> **Work order**: Restate each of the lines below word for word and drop every picture.

Dataset entries Block Start

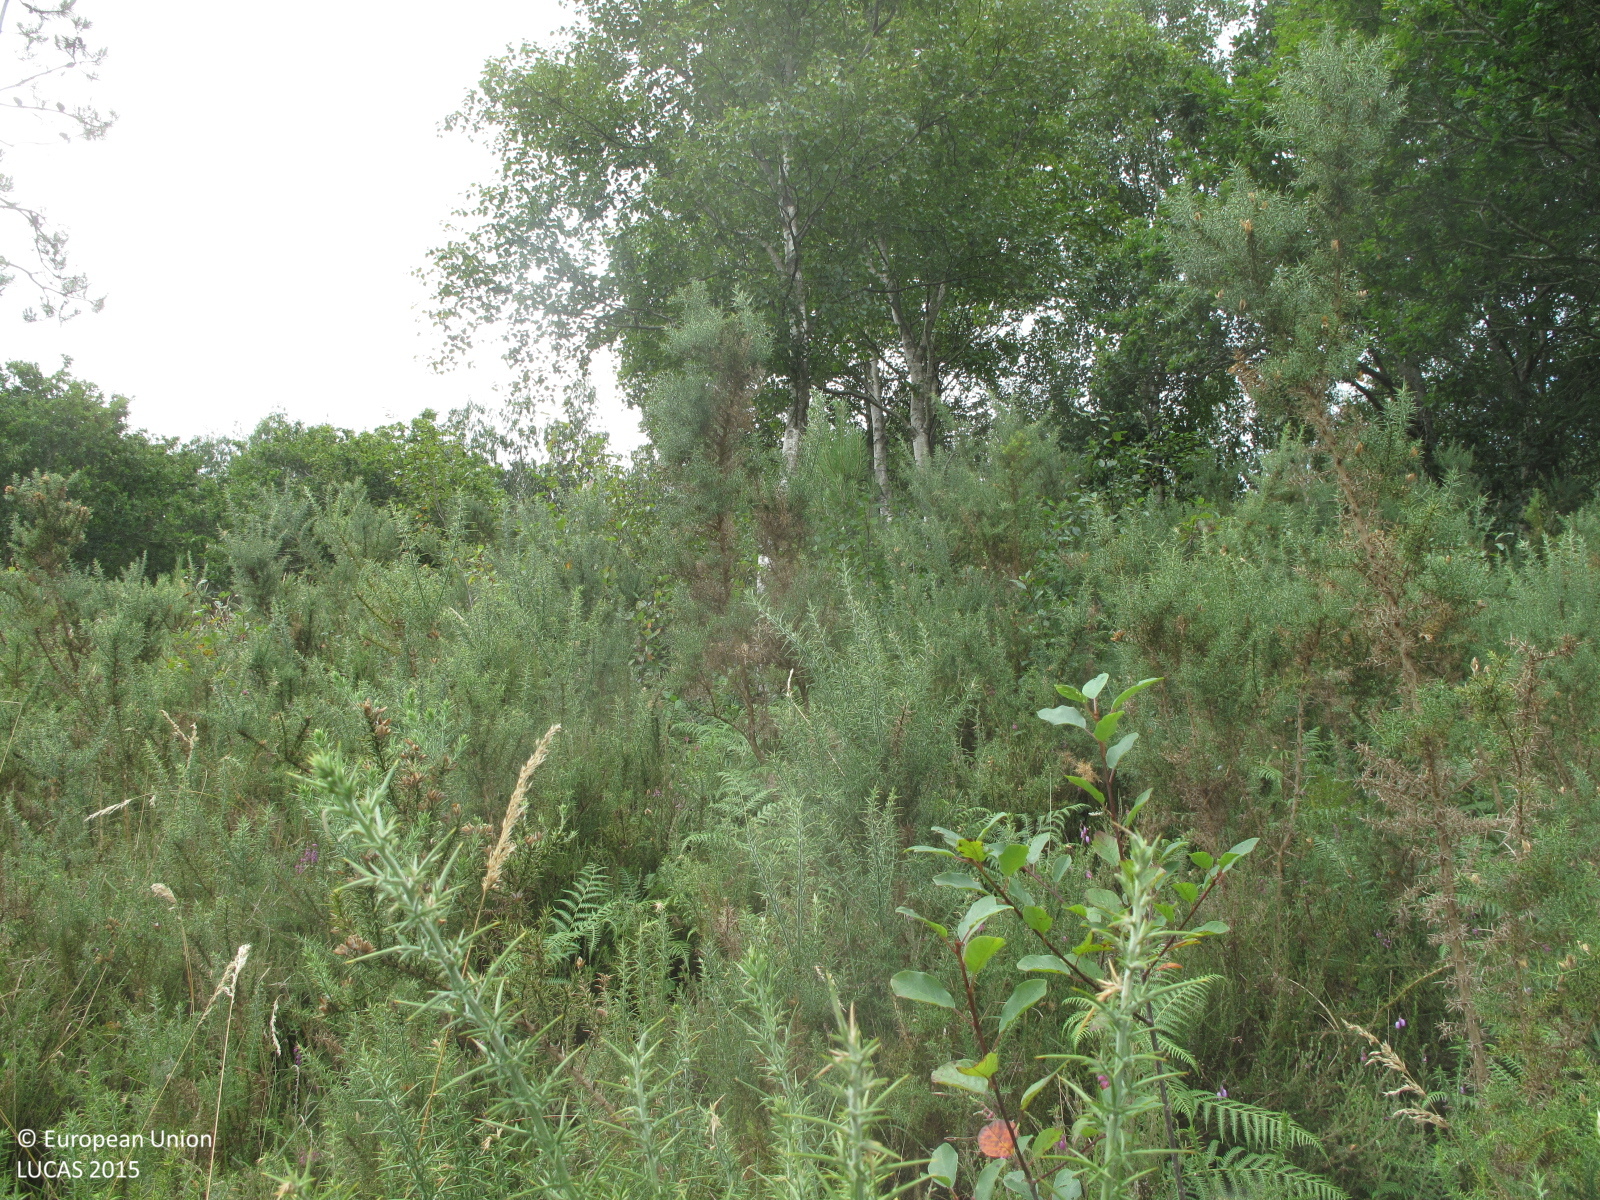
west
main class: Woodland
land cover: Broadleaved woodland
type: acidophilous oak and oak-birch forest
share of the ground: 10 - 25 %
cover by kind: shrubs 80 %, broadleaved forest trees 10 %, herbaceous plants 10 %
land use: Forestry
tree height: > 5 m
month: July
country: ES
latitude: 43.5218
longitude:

Dataset entries Block End

> **Response to the task**:
west
main class: Woodland
land cover: Broadleaved woodland
type: acidophilous oak and oak-birch forest
share of the ground: 10 - 25 %
cover by kind: shrubs 80 %, broadleaved forest trees 10 %, herbaceous plants 10 %
land use: Forestry
tree height: > 5 m
month: July
country: ES
latitude: 43.5218
longitude:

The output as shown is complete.